Where a taxpayer chooses a competent tax adviser and supplies him or her with all relevant information, it is consistent with ordinary business care and prudence to rely on the adviser's professional judgment as to the taxpayer's tax obligations. United States v. Boyle , 469 U.S. 241, 250-251 (1985). The taxpayer must show that the adviser was a competent professional with significant expertise to justify reliance. Neonatology Associates, P.A. v. Commissioner , 115 T.C. 43, 99 (2000), affd. 299 F.3d 221 (3d Cir. 2002).

Petitioners failed to assert any arguments that the accuracy-related penalties should not apply. Petitioners rested instead on their argument that they were eligible for the exclusions from income under sections 119 and 912 that respondent disallowed. Specifically, petitioners did not argue and did not introduce any evidence that they acted with reasonable cause or in good faith with respect to the underpayments for the relevant years.

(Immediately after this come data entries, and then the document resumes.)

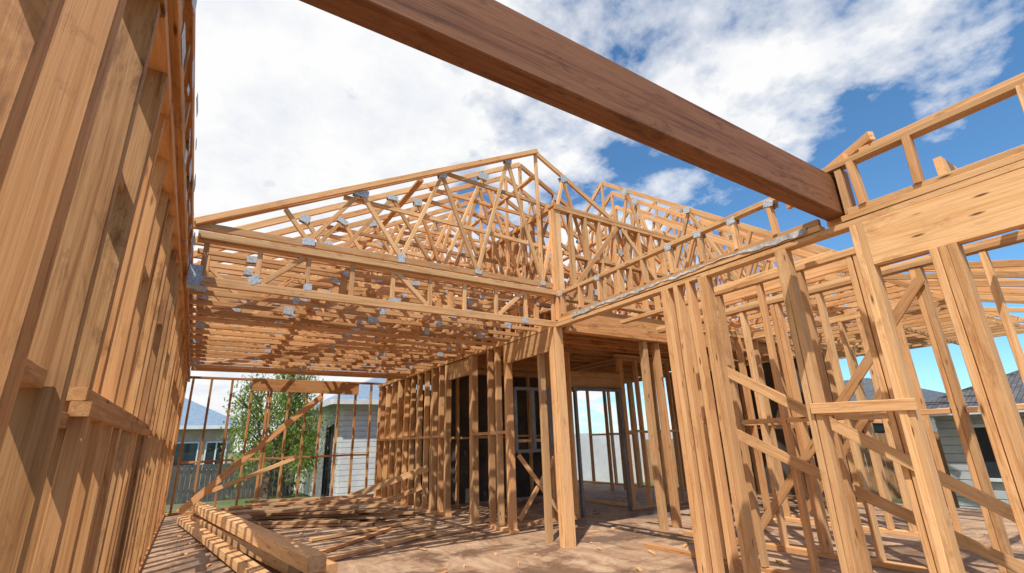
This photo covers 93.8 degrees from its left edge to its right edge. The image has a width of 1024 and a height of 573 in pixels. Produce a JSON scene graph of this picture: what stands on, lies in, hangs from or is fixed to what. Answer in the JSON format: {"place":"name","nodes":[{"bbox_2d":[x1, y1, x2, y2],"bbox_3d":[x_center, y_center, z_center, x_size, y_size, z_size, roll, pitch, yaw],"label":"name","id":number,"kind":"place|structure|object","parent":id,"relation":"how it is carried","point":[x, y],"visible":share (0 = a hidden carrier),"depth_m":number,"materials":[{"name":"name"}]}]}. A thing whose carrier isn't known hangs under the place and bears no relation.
{"place":"outdoors","nodes":[
{"label":"outdoors","id":0,"kind":"place"},
{"bbox_2d":[177,429,234,489],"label":"walls","id":1,"kind":"structure","parent":0,"point":[193,435],"depth_m":21.95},
{"bbox_2d":[177,441,227,469],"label":"window frames","id":2,"kind":"structure","parent":1,"relation":"attached to","point":[216,442],"depth_m":21.86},
{"bbox_2d":[173,443,225,468],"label":"window panes","id":3,"kind":"object","parent":2,"relation":"in","point":[189,451],"visible":0.3,"depth_m":21.57,"materials":[{"name":"blue glass"}]},
{"bbox_2d":[180,398,240,425],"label":"roof","id":4,"kind":"structure","parent":1,"relation":"on","point":[197,413],"depth_m":22.69,"materials":[{"name":"metal"}]},
{"bbox_2d":[179,425,245,433],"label":"eaves and gutter","id":5,"kind":"object","parent":1,"relation":"on","point":[207,427],"visible":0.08,"depth_m":21.77,"materials":[{"name":"white paint"}]},
{"bbox_2d":[165,448,959,512],"bbox_3d":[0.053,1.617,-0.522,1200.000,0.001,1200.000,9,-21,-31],"label":"ground","id":6,"kind":"structure","parent":0,"point":[224,504],"depth_m":16.60,"materials":[{"name":"green plant"}]},
{"bbox_2d":[166,461,295,504],"bbox_3d":[-12.503,6.784,16.247,9.675,1.270,0.107,9,-21,-31],"label":"timber fence","id":7,"kind":"object","parent":6,"relation":"on","point":[188,471],"visible":0.3,"depth_m":17.31,"materials":[{"name":"paint"}]},
{"bbox_2d":[210,362,335,502],"bbox_3d":[-7.489,4.252,15.065,3.293,5.044,3.008,9,-21,-31],"label":"willow tree","id":8,"kind":"object","parent":6,"relation":"on","point":[295,403],"visible":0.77,"depth_m":14.57,"materials":[{"name":"green plant"}]},
{"bbox_2d":[251,423,314,498],"bbox_3d":[-8.496,6.229,17.628,2.642,2.923,2.040,9,-21,-31],"label":"shade tree","id":9,"kind":"object","parent":6,"relation":"on","point":[283,479],"visible":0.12,"depth_m":17.41,"materials":[{"name":"green plant"}]},
{"bbox_2d":[294,404,377,496],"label":"walls","id":10,"kind":"structure","parent":6,"relation":"on","point":[330,407],"depth_m":15.43,"materials":[{"name":"white paint"}]},
{"bbox_2d":[310,424,333,496],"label":"window frames","id":11,"kind":"structure","parent":10,"relation":"attached to","point":[329,468],"depth_m":15.88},
{"bbox_2d":[308,426,331,494],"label":"window panes","id":12,"kind":"object","parent":11,"relation":"in","point":[325,460],"visible":0.1,"depth_m":16.02,"materials":[{"name":"black glass"}]},
{"bbox_2d":[294,405,377,496],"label":"weatherboards","id":13,"kind":"object","parent":10,"relation":"attached to","point":[362,413],"visible":0.23,"depth_m":15.32,"materials":[{"name":"white paint"}]},
{"bbox_2d":[311,399,378,411],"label":"eaves and gutter","id":14,"kind":"object","parent":10,"relation":"on","point":[328,403],"visible":0.14,"depth_m":15.21,"materials":[{"name":"white paint"}]},
{"bbox_2d":[316,370,430,404],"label":"roof","id":15,"kind":"structure","parent":10,"relation":"on","point":[364,391],"depth_m":16.45,"materials":[{"name":"white metal"}]},
{"bbox_2d":[574,432,675,482],"bbox_3d":[8.294,7.359,21.176,22.074,1.900,0.102,9,-21,-31],"label":"white fence","id":16,"kind":"object","parent":6,"relation":"on","point":[600,458],"visible":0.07,"depth_m":18.15,"materials":[{"name":"paint"}]},
{"bbox_2d":[646,431,957,501],"bbox_3d":[8.082,5.631,15.352,0.112,1.620,9.772,9,-21,-31],"label":"timber fence","id":17,"kind":"object","parent":6,"relation":"on","point":[889,470],"visible":0.08,"depth_m":12.71,"materials":[{"name":"wood"}]},
{"bbox_2d":[853,412,936,471],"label":"weatherboards","id":18,"kind":"object","parent":6,"relation":"on","point":[933,424],"visible":0.02,"depth_m":18.47,"materials":[{"name":"white paint"}]},
{"bbox_2d":[185,0,1023,451],"label":"sky","id":19,"kind":"structure","parent":0,"point":[296,98],"materials":[{"name":"white"}]},
{"bbox_2d":[854,423,886,440],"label":"window panes","id":20,"kind":"object","parent":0,"point":[878,427],"depth_m":19.89,"materials":[{"name":"black glass"}]},
{"bbox_2d":[936,417,1021,507],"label":"walls","id":21,"kind":"structure","parent":0,"point":[961,453],"depth_m":9.78,"materials":[{"name":"grey paint"}]},
{"bbox_2d":[844,378,945,401],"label":"roof","id":22,"kind":"structure","parent":21,"relation":"on","point":[869,390],"depth_m":22.25,"materials":[{"name":"grey tile"}]},
{"bbox_2d":[921,403,1023,417],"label":"eaves and gutter","id":23,"kind":"object","parent":21,"relation":"on","point":[930,416],"visible":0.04,"depth_m":9.60,"materials":[{"name":"white paint"}]},
{"bbox_2d":[925,370,1023,408],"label":"roof","id":24,"kind":"structure","parent":21,"relation":"on","point":[1016,384],"depth_m":9.86,"materials":[{"name":"grey tile"}]},
{"bbox_2d":[933,412,1023,508],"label":"weatherboards","id":25,"kind":"object","parent":21,"relation":"attached to","point":[958,469],"visible":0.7,"depth_m":9.73,"materials":[{"name":"grey paint"}]},
{"bbox_2d":[973,424,1002,481],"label":"window frames","id":26,"kind":"structure","parent":25,"relation":"attached to","point":[991,479],"depth_m":9.24,"materials":[{"name":"white"}]},
{"bbox_2d":[974,427,1001,478],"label":"window panes","id":27,"kind":"object","parent":26,"relation":"in","point":[991,465],"depth_m":9.37,"materials":[{"name":"black glass"}]},
{"label":"dirt site ground","id":28,"kind":"structure","parent":0,"visible":0},
{"bbox_2d":[176,501,337,572],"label":"long timber stack","id":29,"kind":"object","parent":28,"relation":"on","point":[226,537],"visible":0.99,"depth_m":5.24,"materials":[{"name":"brown wood"}]},
{"bbox_2d":[229,494,424,527],"bbox_3d":[-3.078,3.779,8.110,3.007,0.386,1.183,-2,-18,-1],"label":"lumber pile","id":30,"kind":"object","parent":28,"relation":"on","point":[350,515],"visible":0.96,"depth_m":7.90,"materials":[{"name":"brown wood"}]},
{"bbox_2d":[319,527,390,552],"bbox_3d":[-2.054,3.334,6.295,0.092,0.045,1.665,-7,-19,15],"label":"loose plank","id":31,"kind":"object","parent":28,"relation":"on","point":[352,541],"visible":0.79,"depth_m":6.23,"materials":[{"name":"brown wood"}]},
{"bbox_2d":[309,519,423,541],"bbox_3d":[-2.071,3.584,7.075,0.091,0.039,1.868,-17,-23,39],"label":"loose plank","id":32,"kind":"object","parent":28,"relation":"on","point":[328,536],"visible":0.98,"depth_m":6.93,"materials":[{"name":"brown wood"}]},
{"bbox_2d":[327,530,436,560],"bbox_3d":[-1.612,3.182,5.867,0.096,0.047,1.972,-13,-21,30],"label":"loose plank","id":33,"kind":"object","parent":28,"relation":"on","point":[376,547],"visible":0.84,"depth_m":5.83,"materials":[{"name":"brown wood"}]},
{"bbox_3d":[1.383,3.522,6.087,10.600,0.355,16.000,9,-21,-31],"label":"foundation wall","id":34,"kind":"object","parent":28,"relation":"on","visible":0},
{"bbox_2d":[140,480,1023,572],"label":"floor deck","id":35,"kind":"structure","parent":34,"relation":"on","point":[456,547],"depth_m":5.79,"materials":[{"name":"brown wood"}]},
{"bbox_2d":[0,0,195,572],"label":"stud wall","id":36,"kind":"structure","parent":35,"relation":"on","point":[97,113],"depth_m":1.42,"materials":[{"name":"brown wood"}]},
{"bbox_2d":[186,232,203,289],"bbox_3d":[-2.849,-0.233,4.358,0.142,0.500,0.120,9,-21,-31],"label":"truss hanger bracket","id":37,"kind":"object","parent":36,"relation":"attached to","point":[194,276],"visible":0.95,"depth_m":4.28,"materials":[{"name":"metal"}]},
{"bbox_2d":[193,149,733,364],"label":"gable roof trusses","id":38,"kind":"object","parent":36,"relation":"on","point":[442,241],"visible":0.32,"depth_m":6.57,"materials":[{"name":"brown wood"}]},
{"bbox_2d":[181,0,841,373],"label":"nail plates","id":39,"kind":"object","parent":38,"relation":"attached to","point":[255,279],"visible":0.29,"depth_m":5.85,"materials":[{"name":"metal"}]},
{"bbox_2d":[532,181,1023,370],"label":"roof trusses","id":40,"kind":"object","parent":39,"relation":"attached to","point":[913,323],"visible":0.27,"depth_m":8.85,"materials":[{"name":"brown wood"}]},
{"bbox_2d":[299,0,844,221],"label":"overhead beam","id":41,"kind":"structure","parent":36,"relation":"attached to","point":[495,41],"depth_m":2.38,"materials":[{"name":"brown wood"}]},
{"bbox_2d":[164,376,380,515],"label":"stud wall","id":42,"kind":"structure","parent":35,"relation":"on","point":[270,386],"depth_m":11.07,"materials":[{"name":"brown wood"}]},
{"bbox_2d":[230,497,361,508],"bbox_3d":[-4.478,4.538,10.082,2.532,0.047,0.095,6,-19,-23],"label":"loose plank","id":43,"kind":"object","parent":35,"relation":"on","point":[249,505],"visible":0.27,"depth_m":9.71,"materials":[{"name":"brown wood"}]},
{"bbox_2d":[176,394,428,514],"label":"temporary braces","id":44,"kind":"object","parent":35,"relation":"on","point":[209,488],"visible":0.84,"depth_m":8.78,"materials":[{"name":"brown wood"}]},
{"bbox_2d":[513,387,632,517],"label":"aluminium window frames","id":45,"kind":"structure","parent":35,"relation":"on","point":[578,445],"depth_m":7.89,"materials":[{"name":"metal"}]},
{"bbox_2d":[177,491,987,572],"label":"wood offcuts","id":46,"kind":"object","parent":35,"relation":"on","point":[779,561],"visible":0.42,"depth_m":5.86,"materials":[{"name":"brown wood"}]},
{"bbox_2d":[413,354,856,505],"bbox_3d":[1.364,3.178,10.380,9.960,2.550,4.110,-10,-20,24],"label":"wall lining paper","id":47,"kind":"object","parent":35,"relation":"on","point":[522,482],"depth_m":10.15,"materials":[{"name":"black paper"}]},
{"bbox_2d":[373,72,1023,572],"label":"stud wall","id":48,"kind":"structure","parent":35,"relation":"on","point":[943,218],"depth_m":3.85,"materials":[{"name":"brown wood"}]},
{"bbox_2d":[190,230,559,378],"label":"floor trusses","id":49,"kind":"object","parent":48,"relation":"on","point":[318,323],"visible":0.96,"depth_m":6.15,"materials":[{"name":"brown wood"}]},
{"bbox_2d":[380,379,411,501],"bbox_3d":[-2.680,3.542,11.092,0.015,2.550,2.150,9,-21,-31],"label":"bracing plywood","id":50,"kind":"object","parent":48,"relation":"attached to","point":[395,437],"depth_m":11.01,"materials":[{"name":"brown wood"}]},
{"bbox_2d":[479,203,678,329],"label":"storey wall frames","id":51,"kind":"structure","parent":48,"relation":"attached to","point":[553,211],"depth_m":7.19,"materials":[{"name":"brown wood"}]},
{"bbox_2d":[572,228,806,316],"bbox_3d":[1.583,-0.035,4.947,0.127,0.069,2.900,9,-21,-31],"label":"metal flashing strip","id":52,"kind":"object","parent":48,"relation":"attached to","point":[797,233],"visible":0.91,"depth_m":4.43,"materials":[{"name":"silver metal"}]},
{"bbox_2d":[826,169,856,227],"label":"beam end block","id":53,"kind":"structure","parent":48,"relation":"attached to","point":[844,188],"depth_m":3.63,"materials":[{"name":"brown wood"}]},
{"bbox_2d":[436,156,1023,572],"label":"ground floor partitions","id":54,"kind":"object","parent":35,"relation":"on","point":[994,510],"visible":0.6,"depth_m":5.00,"materials":[{"name":"brown wood"}]},
{"bbox_2d":[389,306,778,384],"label":"floor joists","id":55,"kind":"object","parent":54,"relation":"on","point":[603,337],"visible":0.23,"depth_m":8.25,"materials":[{"name":"brown wood"}]},
{"bbox_2d":[433,310,777,356],"bbox_3d":[1.123,1.745,11.093,5.965,0.020,7.500,9,-21,-31],"label":"subfloor sheet","id":56,"kind":"object","parent":55,"relation":"on","point":[541,316],"depth_m":7.05,"materials":[{"name":"brown wood"}]}
]}

Mr. and Mrs. Hargrove did not use a tax return preparer and did not seek advice from a tax professional concerning their returns for the relevant years. While Mr. and Mrs. Breeding used a tax return preparer to assist with their returns for the relevant years, they did not introduce evidence regarding the preparer. They have not shown, for example, that the preparer was a competent professional with significant expertise to justify reliance or that Mr. and Mrs. Breeding provided the preparer all relevant information. See Neonatology Associates, P.A. v. Commissioner , supra . We therefore do not find that Mr. and Mrs. Breeding have shown that it was reasonable to rely on this tax return preparer.

After considering all of the facts and circumstances, we find that Mr. and Mrs. Hargrove and Mr. and Mrs. Breeding have failed to establish that they had reasonable cause and acted in good faith with respect to their respective underpayments. Accordingly, we sustain respondent's determination as to Mr. and Mrs. Hargrove and Mr. and Mrs. Breeding for the accuracy-related penalties for the relevant years.

We have considered all remaining arguments the parties made and, to the extent not addressed, we conclude they are irrelevant, moot, or meritless.

To reflect the foregoing and the concessions of the parties,

Decisions will be entered for respondent in Docket Nos. 16441-04,

16442-04, 16444-04, and 16448-04. Decision will be entered for

respondent in Docket No. 16443-04 with respect to the deficiencies

and for petitioners with respect to the section 6662(a) penalties.